No one actually believes that twaddle about the new Georgia voting laws suppressing the vote. Certainly not the soulless creatures occupying the board rooms of our corporate titans. That's why they haven't given up their golf memberships at Augusta and they haven't divested from the slave state of China.
Similarly, only the fanatics within the Republican party, perhaps to include Rand Paul, believe in that babble about the debt. Fie upon restraint! We shall spend our children's money, yea unto the last farthing!
Once you have done away with Higher Powers and objective morality, this is where you eventually end. It's not that we've become secular, it's that we've become animals. How does X affect my ability to eat, mate and stay alive? Abstract concepts are dissolved in the acid of the physical world.
Is it possible to devolve and become simple primates again, creatures without a soul? There's a thought to ponder.
In any case, noodling about the fraudulent and empty posing and preening over Georgia, it finally dawned on me why I hated the "public service" ads during the election that told us voting was the most important thing we could do. That's only true if your elected officials control your life more than you do. It's also contingent on there being nothing to us but our flesh.
If that's the case, then voting is a sacrament and all that matters is getting right with the Man. That's the Man in DC, in case you were wondering.
Evolution at work. |
4 comments:
"In any case, noodling about the fraudulent and empty posing and preening over Georgia"
I (like everyone else) have heard so much wailing, rending of garments, and gnashing of teeth about this (from both sides) that I finally had to bite the bullet. So read the whole thing. All 95 pages of it. All I can say is if that's Jim Crow, then I'm a potato. I could go through the actual contents of the law, but you shouldn't trust me anymore than I trusted anyone else. Read it for yourself.
It is clearly not a voter restriction law. It is an anti-fraud law. I hope somebody in CA converts that law to the appropriate form and gets it on the ballot here in CA as a Proposition. (Sure I know it won't pass due to all the folks who can't, and won't, read and think, but it would still be fun to see all the wailing and shenanigans the left would put up.)
"That's only true if your elected officials control your life more than you do."
On that matter, our Goober Newsome (aka Please-don't-recall-me-Gavin) has let out that his crazy quilt of a tier color coding will end on June 15. He is so smart and so wise that he can see 10 weeks into the future to know that all will be well by then. Or maybe his political calculus tells him that if he gives up his control then, then by the recall election enough morons, er I mean, voters, will have forgotten all about how he screwed with us for 16 months.

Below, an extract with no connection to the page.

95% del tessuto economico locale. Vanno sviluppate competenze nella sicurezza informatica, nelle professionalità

I think their biggest mistake with the law is the "95 pages" part. Is it really necessary to write something about a third the length of an average novel to explain something as fundamentally straightforward as "how to vote"? All it does is guarantee that hardly anybody is willing to read it clear through, and the ones who do are the ones who have a motive of cherry picking things to complain about.
They are also not doing any favors for the election workers, who are going to have to be careful not to miss something in it when they are doing their jobs next election.
=="Goober Newsome"==
Noisome
https://www.google.com/search?q=Noisome&oq=Noisome&aqs=chrome..69i57&sourceid=chrome&ie=UTF-8
"I think their biggest mistake with the law is the "95 pages" part."
And that is true of nearly all bills/laws these days.
The whole point of such monstrosities -- written by lawyers, for lawyers -- is to promote judicial supremacism, to make "the law" inaccessible to the People.
When I am dictator of the world, one of my first dictates shall be that no bill may be voted upon in a legislative chamber until it has been read aloud, in its entirety, by the respective Speaker/President of that chamber, and that only those members who were present for the entire reading may vote.